En 2013, MM. Larose, Hattem et un autre jeune entrepreneur en devenaient propriétaires, et y apposaient immédiatement leur sceau.

« Après tant d’années dans l’industrie, la marque bugatti était devenue synonyme de qualité, de durabilité et de richesse des matériaux », souligne M. Larose, aujourd’hui premier vice-président de bugatti. « Du coup, lorsque la possibilité de l’acheter s’est présentée, nous avons sauté sur l’occasion pour profiter de la réputation de cette grande marque, mais aussi parce que nous avions l’énergie nécessaire pour la faire croître et l’amener à de nouveaux sommets. »

La chimie a vite opéré au sein de l’équipe de direction, dont les trois membres démontraient esprit de compétitivité et ambition, ce qui donnait une parfaite ligne d’attaquants.

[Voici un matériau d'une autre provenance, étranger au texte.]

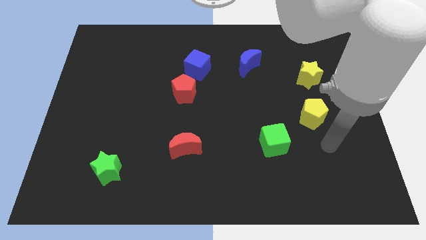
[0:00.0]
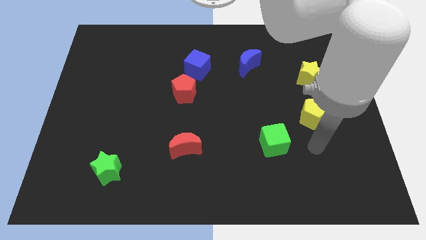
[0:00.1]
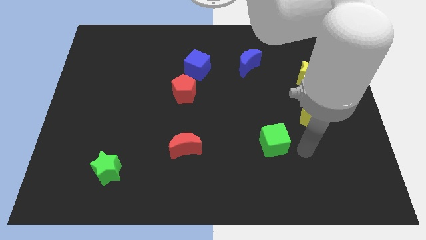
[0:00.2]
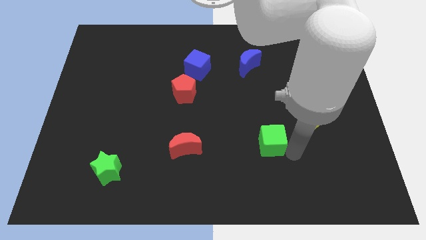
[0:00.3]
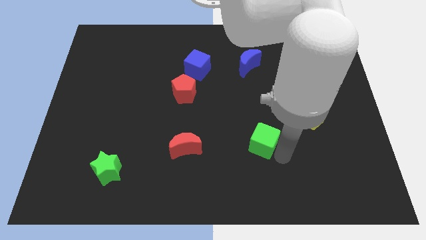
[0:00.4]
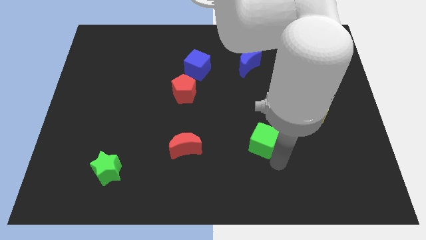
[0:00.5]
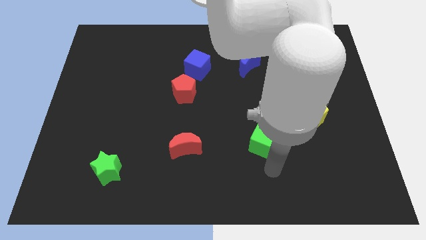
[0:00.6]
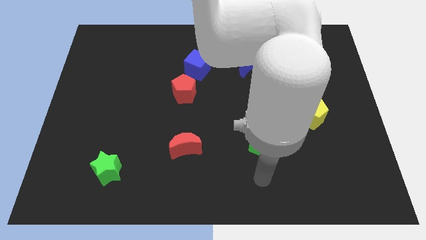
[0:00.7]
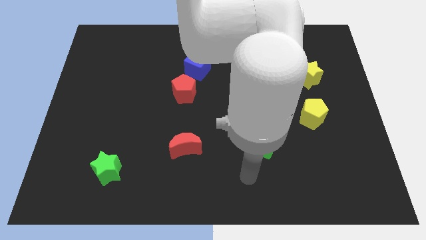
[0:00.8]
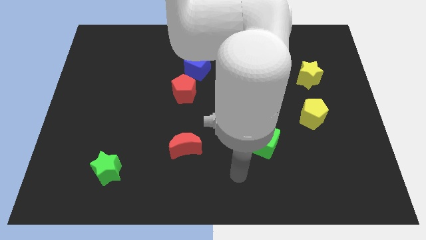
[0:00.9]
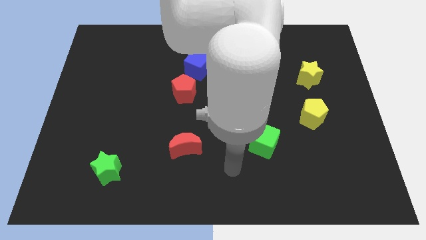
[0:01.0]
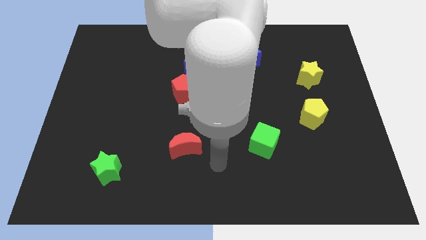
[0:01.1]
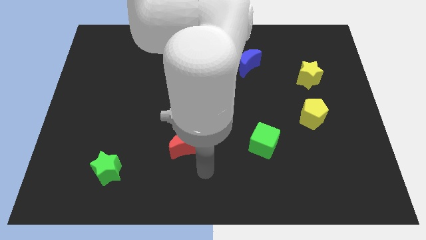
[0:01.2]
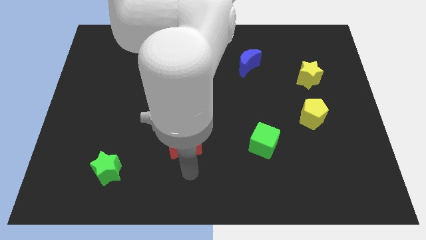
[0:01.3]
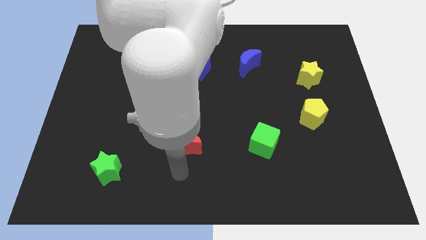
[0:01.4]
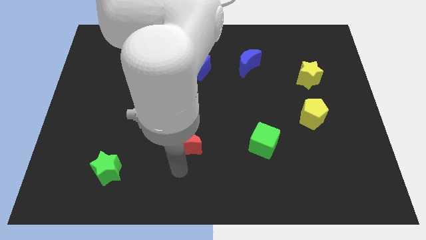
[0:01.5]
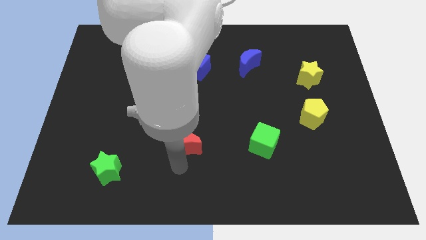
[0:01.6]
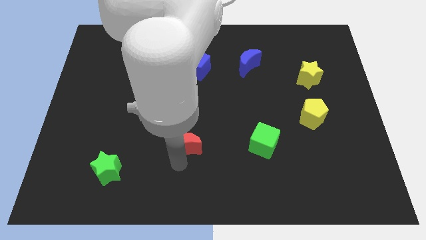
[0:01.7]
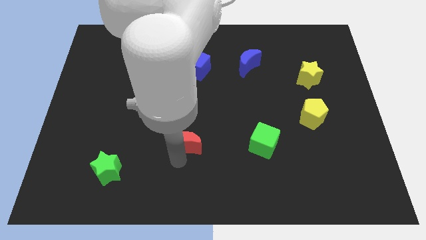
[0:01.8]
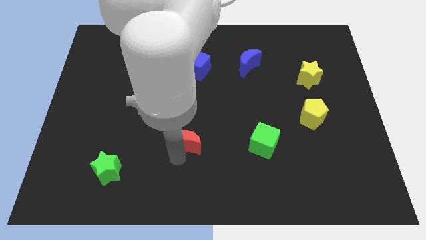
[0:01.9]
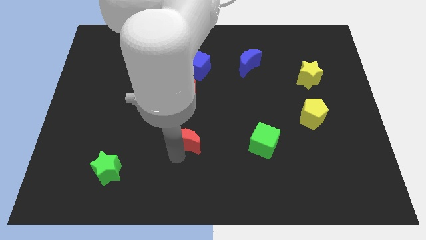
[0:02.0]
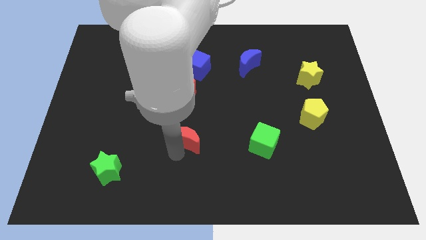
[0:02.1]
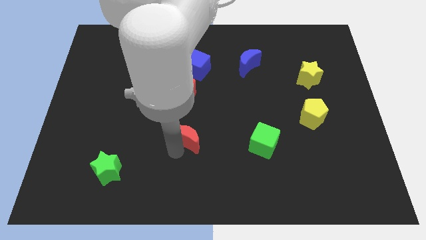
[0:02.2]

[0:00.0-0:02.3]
push the red moon to the middle

Ils voulaient faire progresser la compagnie, et pour ce faire, ils savaient qu’ils devaient se tourner vers les marchés étrangers.

« Le Canada est un pays formidable pour de nombreuses raisons : son immensité, ses paysages magnifiques et son incroyable population. Mais, lorsqu’on regarde le paysage commercial, l’horizon est limité. Pour croître comme entreprise, il fallait se tailler une plus grande part de marché et aller au-devant de plus de consommateurs. Nous devions donc dépasser nos frontières », explique M. Larose.

Des acquisitions pour servir de piliers sur les nouveaux marchés

Avec à l’esprit l’idée de faire des acquisitions, mais propriétaires d’une petite entreprise, ils avaient besoin de fonds de roulement additionnels pour que ce type d’expansion soit possible. L’institution financière de bugatti, Desjardins, était prête à leur fournir les capitaux mais ils devaient trouver un garant pour partager les risques d’un prêt à une petite entreprise.

C’est là où Exportation et développement Canada (EDC) est entrée en jeu et a pu les aider, en fournissant à Desjardins une garantie d’exportation, un produit de partage des risques qui donne aux banques la confiance nécessaire pour offrir aux exportateurs un meilleur accès au fonds de roulement.

En mai 2014, la première garantie étant en place, bugatti a acquis Stebco and Bond Street Ltd, bagagiste montréalais dont les ventes étaient principalement destinées aux États-Unis. Moins de trois mois plus tard, grâce à une deuxième garantie, l’entreprise se lançait sur le marché européen en acquérant le permis mondial pour bugatti The European brand, détenu par la compagnie allemande bugatti Holding Brinkmann GmbH & Co. KG.

« Voir bugatti passer de pratiquement zéro exportations à ce type d’expansion internationale en si peu de temps a été assez spécial », fait remarquer Pier-Luc Beauchamp, directeur de comptes pour bugatti à EDC. « Cela montre bien que devenir exportateur n’est pas aussi complexe et fastidieux que beaucoup de petites entreprises semblent le croire. C’est l’étape suivante à suivre, très tangible et dont les retombées peuvent être considérables. »

Grâce en grande partie à ces acquisitions, les membres de la nouvelle équipe de direction ont pu voir leur chiffre d’affaires croître de plus de 20 % en moins de deux ans, et ils n’ont pas l’intention de s’arrêter là. La reprise de l’économie aux États-Unis les encourage à stimuler les ventes sur ce marché et, ailleurs, ils cherchent à renforcer leur position sur le marché européen et à s’attaquer aux marchés du Moyen‑Orient et de l’Amérique du Sud.